Automatic Detection and Classification of Submarine Volcano Signals

Tuesday, 31 January 2017
Marina/Gretel (Hobart Function and Conference Centre)
Gabrielle Tepp, Alaska Volcano Observatory Anchorage, Anchorage, AK, United States, Matthew M Haney, U.S. Geological Survey Alaska Volcano Observatory, Anchorage, AK, United States, John J Lyons, Alaska Volcano Observatory Fairbanks, Fairbanks, AK, United States, Robert P Dziak, Oregon State University, Corvallis, OR, United States, Delwayne R Bohnenstiehl, North Carolina State Univ., Marine, Earth and Atmospheric Sciences, Raleigh, NC, United States, William W. Chadwick Jr., Oregon State University/NOAA/PMEL, CIMRS, Newport, OR, United States and Kathi Unglert, University of British Columbia, Vancouver, BC, Canada
Abstract:
Improving our understanding of submarine volcanism is highly dependent on our ability to detect and track the activity of submarine volcanoes. This task is complicated by the difficulty of accessing and instrumenting these volcanoes and the vast areas that may be active along spreading centers, subduction zones, and around hotspots. Some submarine eruptions, such as the 2010 eruption of South Sarigan Volcano, Mariana Arc, can be detected by satellite observations and produce subaerial activity, whereas others, such as the 2014 eruption of Ahyi Volcano, Mariana Arc, cannot. Submarine volcanic processes such as eruptions and landslides, however, produce sound waves in the ocean, known as hydroacoustic waves, that offer an opportunity for improved remote detection and monitoring of submarine volcanism. Hydroacoustic signals propagate efficiently through the ocean sound channel, enabling the detection of signals by hydrophones thousands of kilometers away from the source. Additionally, hydroacoustic waves may be detected on land-based seismometers along with any seismic waves produced by the volcanoes.

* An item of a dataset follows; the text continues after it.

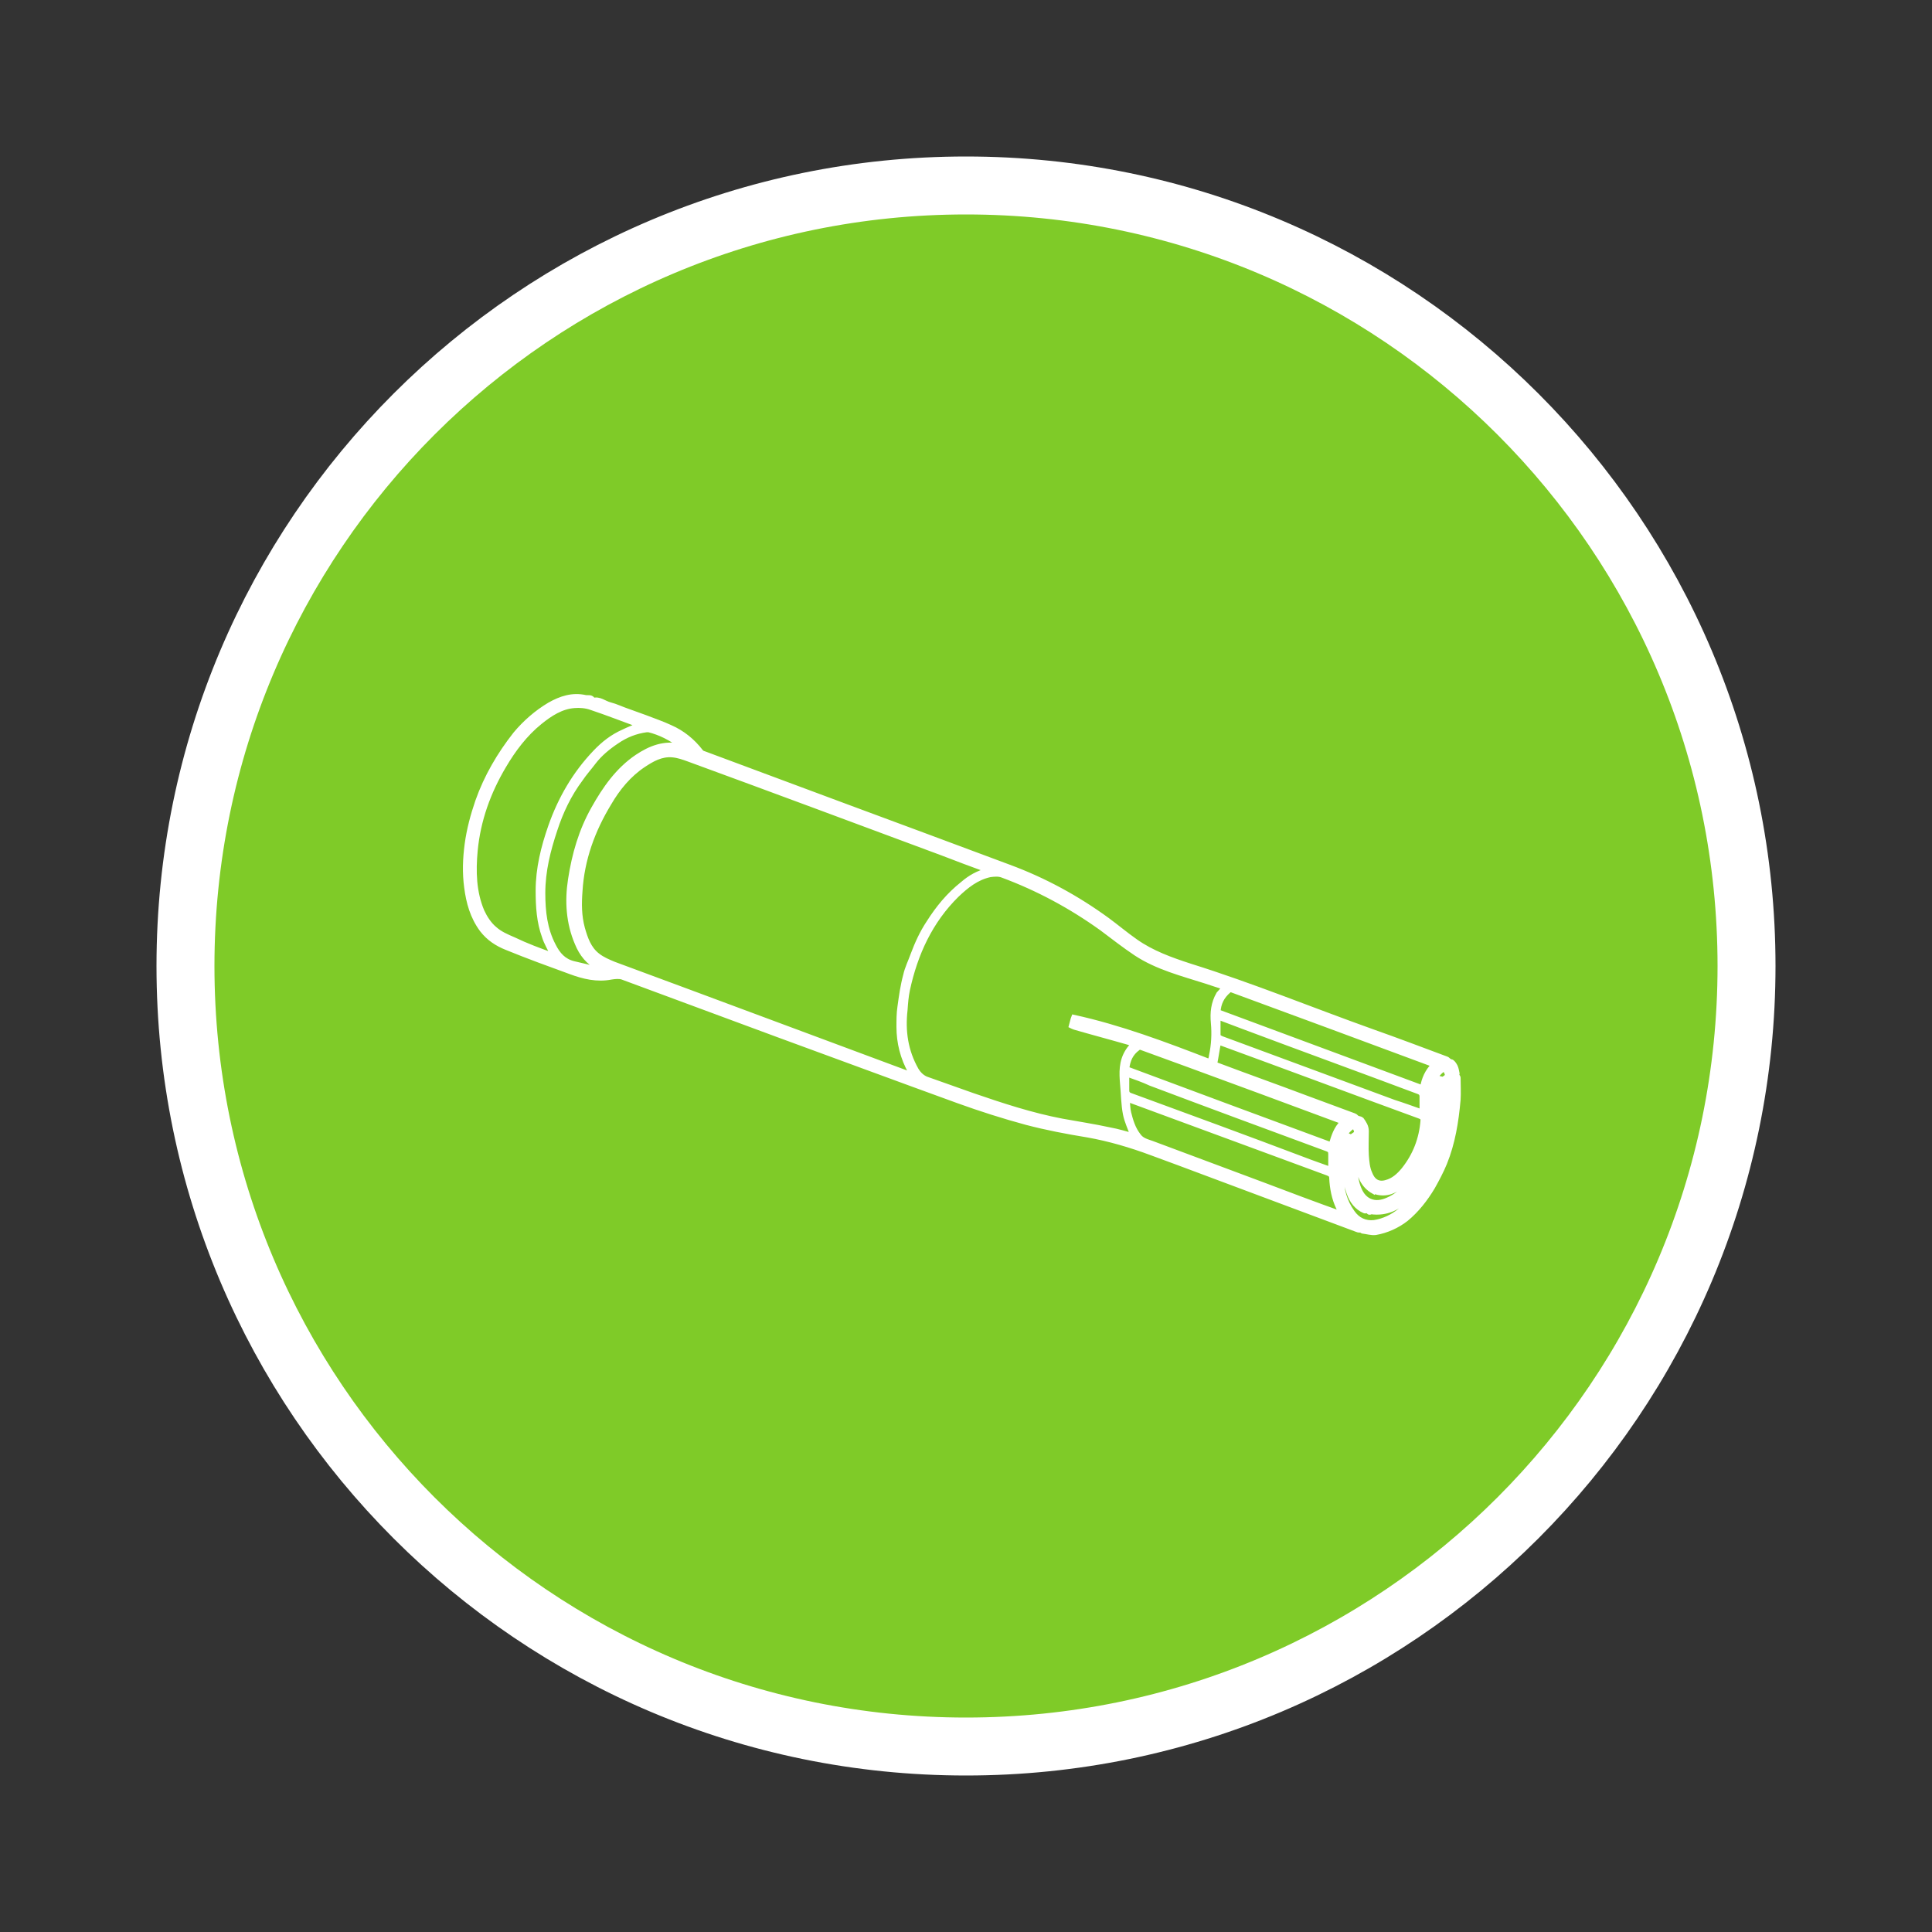<svg width="92" height="92" xmlns="http://www.w3.org/2000/svg" xmlns:xlink="http://www.w3.org/1999/xlink" xml:space="preserve" overflow="hidden"><rect width="100%" height="100%" fill="#333333" stroke="none"/><g transform="translate(-266 -498)"><path d="M349.168 544C349.168 564.527 332.527 581.168 312 581.168 291.473 581.168 274.832 564.527 274.832 544 274.832 523.473 291.473 506.832 312 506.832 332.527 506.832 349.168 523.473 349.168 544Z" stroke="#FFFFFF" stroke-width="2.76" stroke-miterlimit="10" fill="#7FCB28"/><path d="M335.368 549.198C335.391 549.244 335.437 549.29 335.437 549.313 335.437 549.658 335.46 550.026 335.437 550.371 335.345 551.406 335.184 552.418 334.793 553.384 334.632 553.775 334.425 554.166 334.218 554.534 333.873 555.109 333.459 555.638 332.953 556.052 332.539 556.374 332.033 556.604 331.504 556.696 331.297 556.719 331.09 556.65 330.883 556.627 330.86 556.627 330.837 556.581 330.837 556.581 330.745 556.581 330.676 556.581 330.63 556.558 329.043 555.96 327.479 555.385 325.892 554.787 324.213 554.166 322.534 553.522 320.832 552.901 319.843 552.533 318.831 552.234 317.796 552.05 316.807 551.889 315.841 551.705 314.875 551.452 313.771 551.153 312.69 550.808 311.609 550.417 308.757 549.382 305.905 548.324 303.076 547.289 300.592 546.369 298.108 545.449 295.624 544.529 295.463 544.483 295.279 544.506 295.118 544.529 294.428 544.667 293.784 544.506 293.163 544.276 292.151 543.908 291.139 543.54 290.127 543.126 289.667 542.942 289.276 542.689 288.954 542.275 288.494 541.654 288.31 540.964 288.218 540.251 288.126 539.561 288.149 538.894 288.241 538.204 288.333 537.514 288.517 536.824 288.747 536.157 289.161 534.984 289.782 533.926 290.541 532.96 291.001 532.408 291.553 531.925 292.174 531.557 292.703 531.258 293.255 531.074 293.876 531.212 293.991 531.235 294.175 531.166 294.244 531.35 294.543 531.258 294.773 531.488 295.049 531.557 295.325 531.626 295.601 531.764 295.877 531.856 296.153 531.948 296.429 532.063 296.705 532.155 297.119 532.316 297.533 532.454 297.924 532.638 298.499 532.891 298.982 533.282 299.373 533.788 299.419 533.857 299.511 533.88 299.58 533.903 301.742 534.708 303.904 535.513 306.066 536.318 308.734 537.307 311.402 538.296 314.047 539.285 315.726 539.906 317.29 540.757 318.739 541.815 319.176 542.137 319.613 542.505 320.073 542.827 320.855 543.379 321.752 543.701 322.672 544 325.616 544.92 328.468 546.093 331.366 547.128 332.539 547.542 333.689 547.979 334.862 548.416 334.954 548.439 334.977 548.531 335.092 548.554 335.161 548.554 335.253 548.692 335.299 548.784 335.345 548.876 335.368 549.014 335.391 549.129 335.391 549.152 335.368 549.198 335.368 549.198ZM313.058 539.446C312.299 539.17 311.563 538.894 310.85 538.618 306.825 537.123 302.823 535.628 298.798 534.156 298.545 534.064 298.292 533.972 298.016 533.949 297.487 533.903 297.05 534.156 296.636 534.432 295.946 534.892 295.417 535.536 295.003 536.249 294.221 537.537 293.715 538.917 293.623 540.435 293.577 541.033 293.577 541.608 293.738 542.206 293.876 542.689 294.037 543.172 294.451 543.494 294.681 543.678 294.957 543.793 295.233 543.908 299.902 545.633 304.571 547.381 309.217 549.106 309.286 549.129 309.332 549.152 309.424 549.175 309.378 549.106 309.378 549.06 309.355 549.037 308.987 548.37 308.803 547.657 308.803 546.898 308.803 546.576 308.803 546.254 308.849 545.955 308.918 545.449 308.987 544.943 309.125 544.437 309.194 544.115 309.355 543.793 309.47 543.471 309.677 542.919 309.907 542.413 310.229 541.93 310.666 541.24 311.172 540.619 311.839 540.09 312.184 539.791 312.575 539.561 313.058 539.446ZM324.305 545.012C324.006 544.92 323.73 544.828 323.454 544.736 322.304 544.368 321.108 544.069 320.096 543.402 319.544 543.034 319.015 542.62 318.463 542.206 316.991 541.148 315.404 540.297 313.725 539.676 313.541 539.607 313.334 539.63 313.15 539.653 312.506 539.791 312.023 540.182 311.563 540.619 310.298 541.861 309.585 543.425 309.217 545.127 309.148 545.449 309.125 545.771 309.102 546.093 308.987 547.105 309.125 548.048 309.631 548.945 309.769 549.175 309.953 549.336 310.183 549.405 310.896 549.658 311.609 549.911 312.322 550.164 313.725 550.647 315.128 551.107 316.577 551.383 317.336 551.521 318.095 551.636 318.831 551.797 319.222 551.866 319.59 551.981 319.935 552.073 319.82 551.728 319.659 551.406 319.59 551.061 319.498 550.601 319.498 550.118 319.452 549.635 319.406 549.083 319.383 548.554 319.705 548.048 319.774 547.933 319.866 547.841 319.958 547.726 319.912 547.703 319.843 547.68 319.797 547.657 318.923 547.404 318.049 547.174 317.175 546.921 317.106 546.898 317.06 546.875 317.014 546.852 317.06 546.691 317.083 546.553 317.129 546.438 319.337 546.921 321.476 547.726 323.615 548.554 323.638 548.439 323.684 548.37 323.684 548.278 323.799 547.749 323.822 547.22 323.776 546.714 323.73 546.231 323.776 545.771 324.029 545.334 324.098 545.265 324.19 545.15 324.305 545.012ZM292.335 543.494C292.197 543.195 292.013 542.896 291.921 542.597 291.668 541.907 291.622 541.171 291.622 540.412 291.622 539.354 291.875 538.342 292.22 537.353 292.68 536.042 293.37 534.846 294.336 533.834 294.727 533.42 295.164 533.075 295.693 532.845 295.923 532.73 296.176 532.638 296.429 532.523 295.67 532.247 294.911 531.948 294.152 531.695 293.899 531.603 293.6 531.58 293.347 531.603 292.726 531.649 292.197 531.994 291.714 532.385 291.001 532.96 290.449 533.696 289.989 534.478 289.253 535.72 288.77 537.054 288.632 538.503 288.54 539.492 288.563 540.481 288.954 541.401 289.092 541.7 289.299 542.022 289.552 542.229 289.805 542.459 290.127 542.597 290.449 542.735 291.07 543.034 291.691 543.264 292.335 543.494ZM329.871 555.799C329.825 555.684 329.779 555.592 329.733 555.5 329.526 555.063 329.434 554.58 329.411 554.097 329.411 553.959 329.342 553.913 329.227 553.867 326.099 552.717 322.994 551.567 319.866 550.417 319.82 550.394 319.751 550.394 319.682 550.371 319.705 550.601 319.705 550.808 319.751 550.992 319.843 551.36 319.958 551.751 320.211 552.073 320.372 552.303 320.602 552.349 320.855 552.441 323.247 553.338 325.616 554.212 327.985 555.109 328.606 555.339 329.227 555.569 329.871 555.799ZM294.497 544.161C294.497 544.138 294.497 544.115 294.52 544.092 294.014 543.839 293.692 543.425 293.485 542.919 293.071 541.953 293.002 540.918 293.163 539.883 293.347 538.687 293.669 537.56 294.267 536.502 294.796 535.559 295.417 534.662 296.337 534.041 296.958 533.627 297.625 533.351 298.453 533.535 297.947 533.144 297.441 532.891 296.889 532.753 296.866 532.753 296.82 532.753 296.797 532.753 296.268 532.822 295.808 533.006 295.371 533.305 294.957 533.581 294.566 533.903 294.267 534.294 294.06 534.57 293.83 534.823 293.646 535.099 293.094 535.835 292.703 536.663 292.427 537.514 292.105 538.48 291.852 539.469 291.852 540.527 291.852 541.401 291.944 542.252 292.358 543.034 292.565 543.448 292.841 543.77 293.324 543.885 293.715 543.977 294.106 544.069 294.497 544.161ZM323.845 548.669C323.868 548.692 323.914 548.715 323.96 548.715 325.363 549.244 326.789 549.75 328.192 550.279 328.951 550.555 329.733 550.854 330.492 551.13 330.561 551.153 330.584 551.222 330.653 551.245 330.699 551.268 330.791 551.268 330.837 551.314 330.952 551.475 331.067 551.636 331.067 551.866 331.067 552.257 331.044 552.625 331.067 553.016 331.09 553.315 331.113 553.614 331.228 553.867 331.366 554.235 331.619 554.419 332.01 554.304 332.355 554.212 332.608 553.982 332.838 553.706 333.39 553.016 333.689 552.234 333.758 551.36 333.758 551.222 333.712 551.199 333.597 551.153 330.446 550.003 327.318 548.83 324.167 547.68 324.121 547.657 324.075 547.657 324.029 547.634 323.96 547.979 323.914 548.324 323.845 548.669ZM324.006 546.185C327.249 547.381 330.492 548.6 333.735 549.796 333.804 549.382 333.965 549.014 334.264 548.715 334.195 548.692 334.172 548.669 334.126 548.646 332.493 548.048 330.86 547.427 329.227 546.829 327.709 546.277 326.191 545.702 324.673 545.15 324.627 545.127 324.535 545.127 324.512 545.173 324.19 545.449 324.029 545.771 324.006 546.185ZM319.659 548.899C322.925 550.118 326.145 551.314 329.388 552.51 329.503 552.119 329.618 551.728 329.94 551.429 329.871 551.406 329.825 551.383 329.779 551.36 327.364 550.463 324.949 549.566 322.557 548.692 321.821 548.416 321.085 548.163 320.349 547.887 320.303 547.864 320.211 547.864 320.188 547.91 319.843 548.163 319.705 548.485 319.659 548.899ZM319.659 549.152C319.659 549.428 319.659 549.658 319.659 549.911 319.659 550.049 319.705 550.118 319.843 550.164 322.603 551.176 325.363 552.188 328.1 553.223 328.514 553.384 328.928 553.522 329.365 553.683 329.365 553.43 329.365 553.177 329.365 552.947 329.365 552.809 329.319 552.763 329.204 552.717 326.398 551.682 323.592 550.647 320.786 549.589 320.441 549.428 320.05 549.29 319.659 549.152ZM333.712 550.946C333.712 550.693 333.712 550.463 333.712 550.233 333.712 550.095 333.666 550.026 333.528 549.98 330.768 548.945 327.985 547.933 325.225 546.898 324.811 546.737 324.42 546.599 324.006 546.438 324.006 546.714 324.006 546.99 324.006 547.266 324.006 547.381 324.075 547.404 324.167 547.45 326.904 548.462 329.641 549.474 332.378 550.486 332.815 550.624 333.252 550.785 333.712 550.946ZM331.159 555.638C331.09 555.638 331.021 555.684 330.975 555.661 330.607 555.5 330.377 555.201 330.239 554.81 330.124 554.488 330.055 554.143 329.94 553.752 329.894 553.867 329.871 553.936 329.871 554.005 329.871 554.626 330.032 555.224 330.4 555.73 330.653 556.098 331.021 556.259 331.435 556.213 331.895 556.144 332.309 555.937 332.654 555.661 333.114 555.293 333.482 554.81 333.804 554.281 334.034 553.913 334.241 553.522 334.379 553.108 334.563 552.579 334.701 552.004 334.839 551.452 334.885 551.222 334.885 550.969 334.908 550.739 334.885 550.739 334.862 550.739 334.839 550.739 334.816 550.831 334.816 550.946 334.816 551.038 334.816 551.613 334.678 552.165 334.494 552.694 334.172 553.568 333.758 554.396 333.068 555.04 332.585 555.523 332.01 555.799 331.297 555.707 331.205 555.753 331.159 555.73 331.159 555.638ZM330.653 553.43C330.63 553.43 330.607 553.43 330.607 553.43 330.584 553.499 330.515 553.545 330.515 553.614 330.538 553.959 330.584 554.304 330.722 554.626 330.837 554.902 331.021 555.132 331.32 555.224 331.619 555.316 331.918 555.224 332.194 555.086 332.516 554.925 332.769 554.718 332.976 554.442 333.183 554.189 333.367 553.89 333.551 553.614 333.298 553.867 333.068 554.143 332.815 554.396 332.447 554.718 332.033 554.902 331.527 554.764 331.527 554.718 331.527 554.672 331.527 554.626 331.527 554.626 331.527 554.626 331.504 554.626 331.481 554.672 331.435 554.695 331.412 554.741 330.883 554.442 330.722 553.959 330.653 553.43ZM330.032 552.004C330.147 552.05 330.216 552.096 330.331 552.142 330.377 552.119 330.469 552.05 330.538 552.004 330.63 551.912 330.584 551.82 330.538 551.728 330.469 551.613 330.4 551.659 330.331 551.705 330.239 551.774 330.124 551.912 330.032 552.004ZM334.655 549.382C334.655 549.405 334.655 549.405 334.655 549.428 334.724 549.382 334.816 549.336 334.862 549.29 334.977 549.198 334.885 549.083 334.839 548.968 334.839 548.945 334.701 548.922 334.655 548.968 334.54 549.06 334.448 549.175 334.333 549.313 334.494 549.336 334.563 549.359 334.655 549.382ZM334.057 552.441C334.172 552.027 334.333 551.59 334.31 551.13 334.264 551.153 334.241 551.153 334.241 551.176 334.172 551.59 334.103 552.027 334.057 552.441ZM334.862 550.486C334.954 550.394 335 549.911 334.931 549.566 334.839 549.635 334.793 549.98 334.862 550.486ZM334.31 549.98C334.195 550.049 334.172 550.44 334.241 550.877 334.333 550.808 334.356 550.532 334.31 549.98ZM329.894 553.591C330.009 553.522 330.032 552.97 329.963 552.694 329.871 552.763 329.848 552.993 329.894 553.591ZM330.561 552.303 330.538 552.303C330.538 552.602 330.538 552.901 330.538 553.2L330.561 553.2C330.561 552.878 330.561 552.602 330.561 552.303Z" stroke="#FFFFFF" stroke-width="0.23" stroke-miterlimit="10" fill="#FFFFFF"/></g></svg>

Manual inspection of hydroacoustic and seismic records is one of the best ways to identify signals but is also highly time-intensive. New techniques in machine learning and other similar methods offer the possibility of automatic identification and characterization of signals that is time and computationally efficient. These techniques, such as self-organizing maps and principal component analysis, have already been used in volcano seismology for the detection of tremor and low-frequency events and by the CTBTO for identification of seismic and hydroacoustic signals. Additionally, they may be able to identify weak infrasound signals originating from submarine volcanoes that could be missed by manual inspection. We apply these methods to reanalyze data from the South Sarigan, Ahyi, and other eruptions in anticipation of new data from a hydrophone array to be deployed in the Mariana arc region in early 2017. Both of these eruptions were recorded by seismic and hydroacoustic arrays, with the South Sarigan eruption also detected by infrasound. This reanalysis allows for both demonstrating the application of these signal detection techniques and potentially uncovering more information about these eruptions.